§ **Brief**
Search the records for "VECTOR". Copy every line where it appears.

- - - -

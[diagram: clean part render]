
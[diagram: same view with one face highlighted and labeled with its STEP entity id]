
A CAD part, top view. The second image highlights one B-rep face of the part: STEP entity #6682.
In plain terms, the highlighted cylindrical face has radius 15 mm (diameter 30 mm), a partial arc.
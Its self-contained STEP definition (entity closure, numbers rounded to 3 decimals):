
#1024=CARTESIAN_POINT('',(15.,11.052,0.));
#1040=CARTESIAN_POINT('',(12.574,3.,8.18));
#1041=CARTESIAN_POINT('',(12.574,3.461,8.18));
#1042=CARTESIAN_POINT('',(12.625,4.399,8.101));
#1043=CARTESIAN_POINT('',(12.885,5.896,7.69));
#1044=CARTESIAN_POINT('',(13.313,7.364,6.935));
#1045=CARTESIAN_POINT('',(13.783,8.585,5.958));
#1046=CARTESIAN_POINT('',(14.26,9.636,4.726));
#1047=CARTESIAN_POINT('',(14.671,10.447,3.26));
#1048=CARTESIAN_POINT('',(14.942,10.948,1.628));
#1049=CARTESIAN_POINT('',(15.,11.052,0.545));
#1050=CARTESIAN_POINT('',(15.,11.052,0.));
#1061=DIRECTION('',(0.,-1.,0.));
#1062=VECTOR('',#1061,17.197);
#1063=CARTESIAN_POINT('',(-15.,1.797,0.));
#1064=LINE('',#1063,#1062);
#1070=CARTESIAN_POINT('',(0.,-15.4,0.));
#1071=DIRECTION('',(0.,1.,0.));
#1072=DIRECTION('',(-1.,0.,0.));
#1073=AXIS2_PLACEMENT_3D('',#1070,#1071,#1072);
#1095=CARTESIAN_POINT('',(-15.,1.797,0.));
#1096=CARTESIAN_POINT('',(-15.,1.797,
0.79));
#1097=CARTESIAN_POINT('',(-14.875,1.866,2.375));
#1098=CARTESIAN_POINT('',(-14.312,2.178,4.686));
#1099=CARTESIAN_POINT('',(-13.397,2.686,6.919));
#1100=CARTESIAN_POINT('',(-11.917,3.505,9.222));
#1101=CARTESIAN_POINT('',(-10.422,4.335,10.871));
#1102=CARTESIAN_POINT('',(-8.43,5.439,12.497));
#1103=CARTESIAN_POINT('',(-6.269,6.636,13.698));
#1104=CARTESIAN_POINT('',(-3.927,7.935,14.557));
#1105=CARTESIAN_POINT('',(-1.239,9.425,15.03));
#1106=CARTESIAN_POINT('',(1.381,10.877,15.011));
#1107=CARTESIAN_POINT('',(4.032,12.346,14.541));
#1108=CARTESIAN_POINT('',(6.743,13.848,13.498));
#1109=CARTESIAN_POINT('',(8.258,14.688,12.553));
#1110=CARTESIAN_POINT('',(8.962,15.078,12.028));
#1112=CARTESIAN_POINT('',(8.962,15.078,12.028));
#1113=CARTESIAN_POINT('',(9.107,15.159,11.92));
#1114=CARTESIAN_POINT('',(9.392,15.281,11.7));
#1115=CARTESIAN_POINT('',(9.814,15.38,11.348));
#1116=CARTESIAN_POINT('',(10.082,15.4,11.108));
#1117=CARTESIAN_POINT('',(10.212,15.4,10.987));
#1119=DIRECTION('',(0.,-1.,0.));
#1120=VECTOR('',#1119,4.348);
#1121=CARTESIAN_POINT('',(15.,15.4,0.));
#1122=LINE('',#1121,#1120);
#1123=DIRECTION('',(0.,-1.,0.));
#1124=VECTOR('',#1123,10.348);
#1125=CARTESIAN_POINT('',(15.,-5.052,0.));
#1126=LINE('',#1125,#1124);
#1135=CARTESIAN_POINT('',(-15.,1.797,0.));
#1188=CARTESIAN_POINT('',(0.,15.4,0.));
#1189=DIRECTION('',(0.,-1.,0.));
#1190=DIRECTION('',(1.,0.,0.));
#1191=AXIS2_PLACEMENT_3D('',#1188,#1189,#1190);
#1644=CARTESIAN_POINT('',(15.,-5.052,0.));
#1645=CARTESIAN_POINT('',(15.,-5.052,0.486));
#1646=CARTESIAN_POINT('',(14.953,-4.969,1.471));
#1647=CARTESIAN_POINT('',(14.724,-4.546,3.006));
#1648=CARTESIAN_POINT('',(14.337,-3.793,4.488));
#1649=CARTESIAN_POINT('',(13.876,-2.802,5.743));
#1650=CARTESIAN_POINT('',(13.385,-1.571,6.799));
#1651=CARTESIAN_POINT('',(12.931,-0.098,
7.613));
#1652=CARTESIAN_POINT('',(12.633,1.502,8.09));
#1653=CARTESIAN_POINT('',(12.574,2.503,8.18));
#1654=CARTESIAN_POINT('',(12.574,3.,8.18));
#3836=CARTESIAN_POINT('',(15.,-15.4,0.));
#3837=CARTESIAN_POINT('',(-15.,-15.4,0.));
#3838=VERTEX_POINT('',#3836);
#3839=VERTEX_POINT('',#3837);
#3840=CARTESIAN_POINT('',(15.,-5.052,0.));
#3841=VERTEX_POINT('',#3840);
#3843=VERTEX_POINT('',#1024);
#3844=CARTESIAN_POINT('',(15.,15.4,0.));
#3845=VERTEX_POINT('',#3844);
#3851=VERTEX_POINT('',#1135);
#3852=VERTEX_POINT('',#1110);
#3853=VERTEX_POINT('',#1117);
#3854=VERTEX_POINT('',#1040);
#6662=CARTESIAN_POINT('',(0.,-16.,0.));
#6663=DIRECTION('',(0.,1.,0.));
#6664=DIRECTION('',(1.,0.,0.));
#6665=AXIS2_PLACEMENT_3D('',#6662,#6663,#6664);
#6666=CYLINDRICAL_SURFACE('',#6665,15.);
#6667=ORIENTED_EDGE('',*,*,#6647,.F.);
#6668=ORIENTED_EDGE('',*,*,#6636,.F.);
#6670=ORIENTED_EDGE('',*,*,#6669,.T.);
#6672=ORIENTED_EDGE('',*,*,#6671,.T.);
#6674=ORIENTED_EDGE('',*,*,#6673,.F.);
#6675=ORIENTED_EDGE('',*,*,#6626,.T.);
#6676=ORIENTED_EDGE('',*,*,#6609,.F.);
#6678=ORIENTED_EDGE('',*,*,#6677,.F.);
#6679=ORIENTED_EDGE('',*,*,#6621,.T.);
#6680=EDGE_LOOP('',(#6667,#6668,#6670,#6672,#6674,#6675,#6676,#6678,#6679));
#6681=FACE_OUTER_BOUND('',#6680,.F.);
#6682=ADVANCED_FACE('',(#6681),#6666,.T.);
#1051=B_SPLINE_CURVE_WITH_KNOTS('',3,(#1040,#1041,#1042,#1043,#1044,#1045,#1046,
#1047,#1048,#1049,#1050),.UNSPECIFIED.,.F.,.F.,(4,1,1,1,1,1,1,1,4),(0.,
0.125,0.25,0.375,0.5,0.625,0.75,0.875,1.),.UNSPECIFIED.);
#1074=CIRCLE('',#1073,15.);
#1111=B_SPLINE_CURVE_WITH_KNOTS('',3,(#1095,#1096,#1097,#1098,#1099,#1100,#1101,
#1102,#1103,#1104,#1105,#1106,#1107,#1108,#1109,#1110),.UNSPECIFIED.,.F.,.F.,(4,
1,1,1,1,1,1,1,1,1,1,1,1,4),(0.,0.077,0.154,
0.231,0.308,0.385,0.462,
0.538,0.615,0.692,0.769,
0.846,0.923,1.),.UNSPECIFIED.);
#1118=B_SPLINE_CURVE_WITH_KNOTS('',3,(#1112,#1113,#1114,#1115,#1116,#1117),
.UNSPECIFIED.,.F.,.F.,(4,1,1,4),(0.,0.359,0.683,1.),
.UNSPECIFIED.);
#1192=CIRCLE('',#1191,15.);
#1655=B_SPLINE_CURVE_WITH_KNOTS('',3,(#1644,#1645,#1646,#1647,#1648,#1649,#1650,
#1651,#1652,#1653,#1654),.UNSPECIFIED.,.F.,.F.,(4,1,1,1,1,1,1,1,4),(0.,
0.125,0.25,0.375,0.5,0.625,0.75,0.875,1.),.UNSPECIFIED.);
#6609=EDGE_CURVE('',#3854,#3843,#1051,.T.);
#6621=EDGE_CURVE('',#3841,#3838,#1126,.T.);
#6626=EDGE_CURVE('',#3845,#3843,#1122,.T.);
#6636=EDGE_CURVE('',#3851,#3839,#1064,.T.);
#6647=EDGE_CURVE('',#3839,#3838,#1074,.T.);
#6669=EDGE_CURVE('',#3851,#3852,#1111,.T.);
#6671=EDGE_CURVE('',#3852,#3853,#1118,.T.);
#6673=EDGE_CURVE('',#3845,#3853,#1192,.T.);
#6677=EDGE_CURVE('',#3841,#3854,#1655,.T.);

- - - -

§ **Exercise answer**
#1062=VECTOR('',#1061,17.197);
#1120=VECTOR('',#1119,4.348);
#1124=VECTOR('',#1123,10.348);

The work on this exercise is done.